In some embodiments, the video annotation service 125 may receive a video from the video processor 110 and/or the video data storage 105, for example, through the network 115 as an input and in exchange may provide video annotation data to the system 100. The video annotation data, for example, may be stored in video data storage 105 or another data storage location such as, for example, another cloud storage location.

Figure 2 is a flowchart of an example process 200 for training a video annotation machine learning process. One or more steps of the process 200 may be implemented, in some embodiments, by one or more components of system 100 of Figure 1, such as video processor 110. Although illustrated as discrete blocks, various blocks may be divided into additional blocks, combined into fewer blocks, or eliminated, depending on the desired implementation.

Process 200 may begin at block 205. At block 205 a video clip may be identified from one or more videos such as, for example, videos stored in video data storage 105. For example, the video clip may be a portion of a video that includes an event of interest. The video clip, for example, may include portions or frames of the video before and/or after the video clip in addition to the video clip. In some embodiments, the video clip may include a single frame or multiple frames selected from one or more videos.

In some embodiments, low level events such as, for example, motion detection events may be used to identify the video clip. In some embodiments, a feature detection algorithm may be used to determine that an event has occurred. In some embodiments, the feature description can be determined using a low level detection algorithm.

An event may include any number or type of occurrences captured by a video camera and stored in a video file. An event may include, for example, a person moving through a scene, a car or an object moving through a scene, a particular face entering the scene, a face, a shadow, animals entering the scene, an automobile entering or leaving the scene, etc.

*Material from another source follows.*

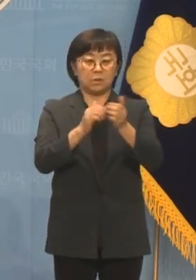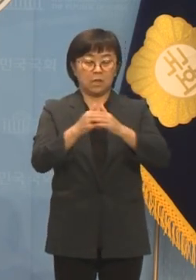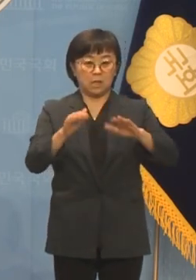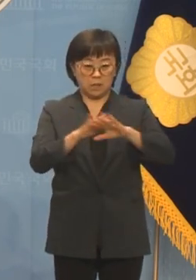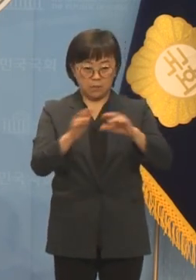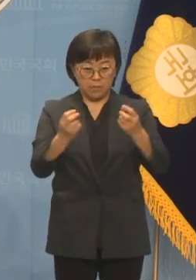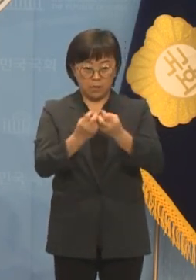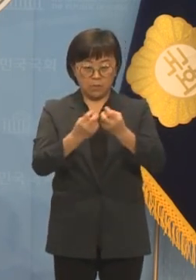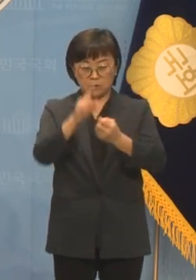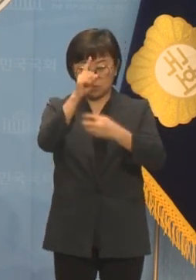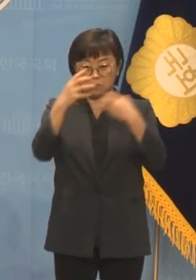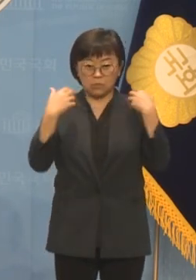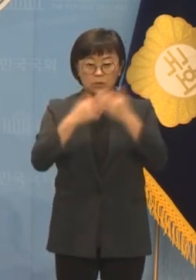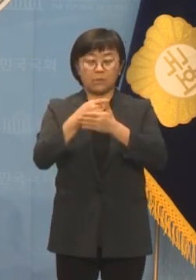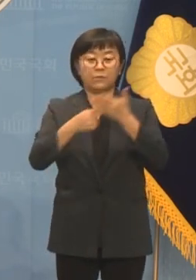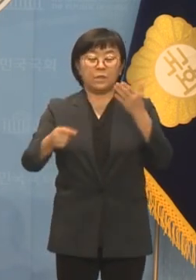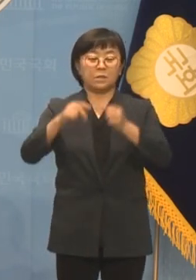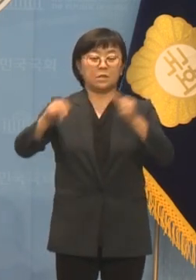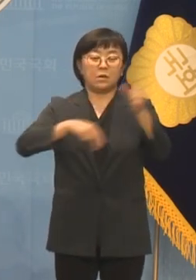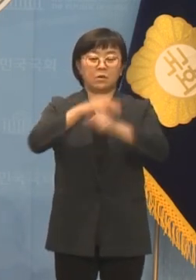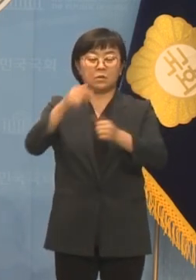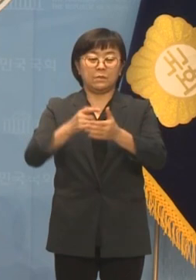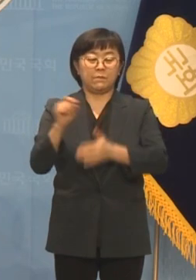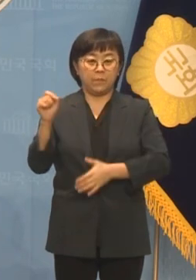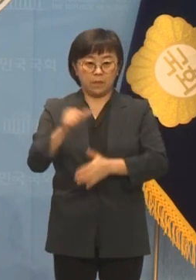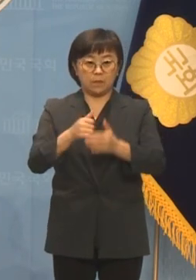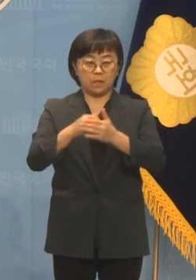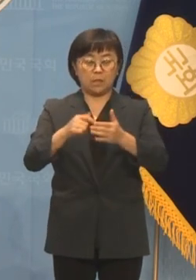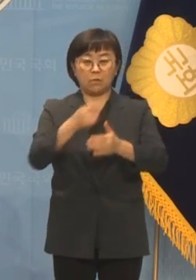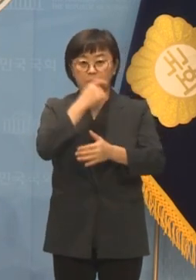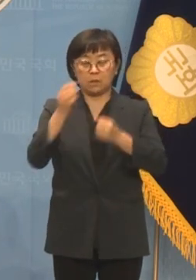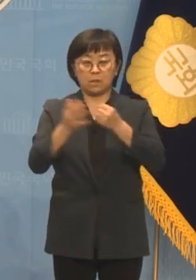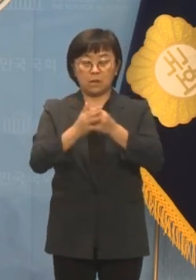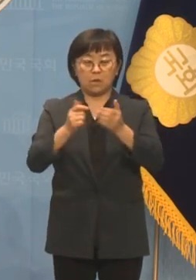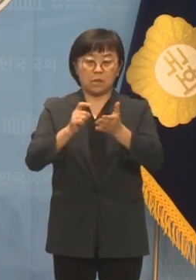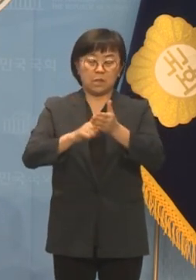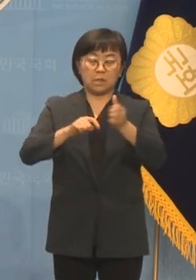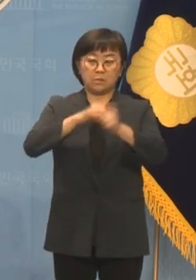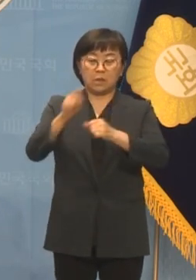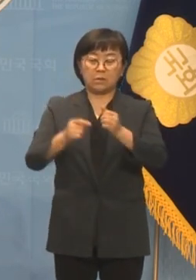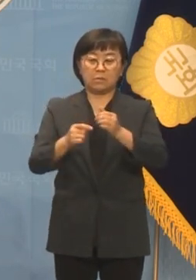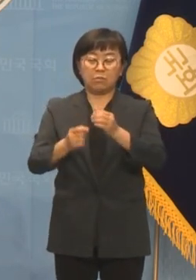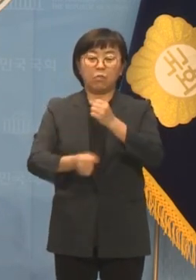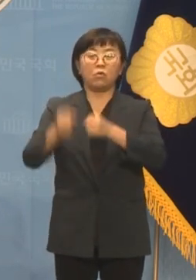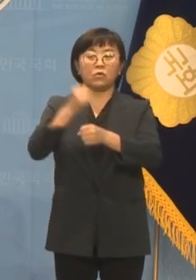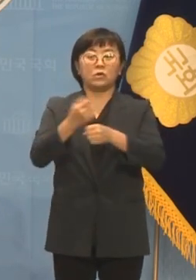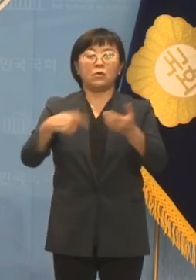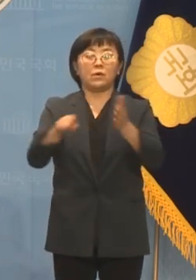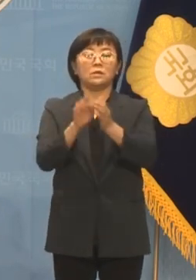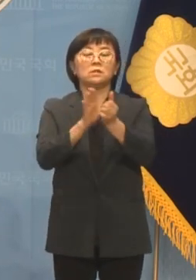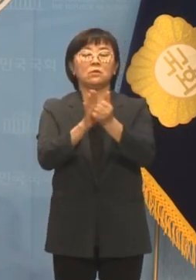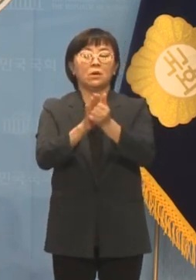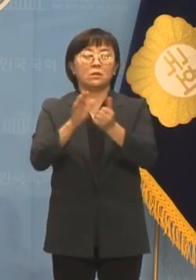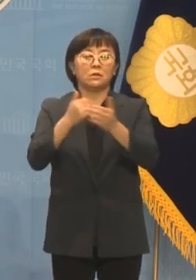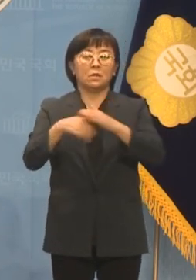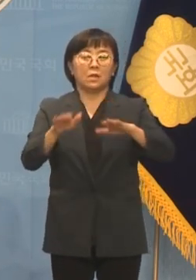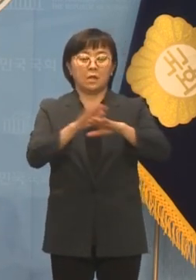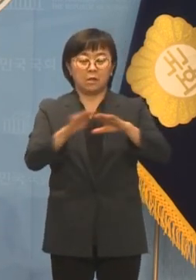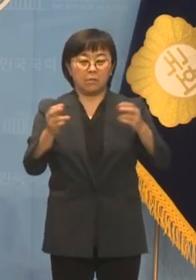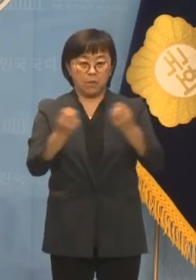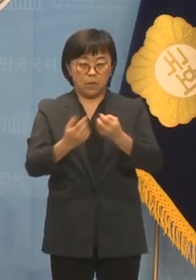정부는 피해 상황을 신속히 파악하고 재난 피해 복구를 위한 지원 대책 마련을 서둘러 주시기 바랍니다.

In some embodiments, a feature description of the event can be determined for each event. The feature description, for example, may be determined using a feature detector algorithm such as, for example, SURG, SIFT, GLOH, HOG, Affine shape adaptation, Harris affine, Hessian affine, etc. In some embodiments, the feature description can be determined using a high level detection algorithm. Various other feature detector algorithms may be used. In some embodiments, thefeature description may be saved in the video storage location such as, for example, as metadata associated with the video.

At block 210 a first set of object attribute data may be determined from the video clip using machine learning techniques based on machine learning data 230. The dashed lines shown in the flow chart show the flow of data but may not show a step in the process 200. Between

blocks

230 and 210, machine learning data may be sent and/or used to determine first set of object attribute data. The first set of object attribute data may include any type of attribute data.

In some embodiments, the first set of object attribute data may be determined using supervised machine learning techniques. For example, the machine learning data 230 may include a plurality of video clips and a plurality of corresponding object attributes for the plurality of video clips. Support vector machines or decision trees may be used as the type of machine learning functions and may be trained using the machine learning data 230 to produce machine learning functions that can be used to predict the first set of object attribute data.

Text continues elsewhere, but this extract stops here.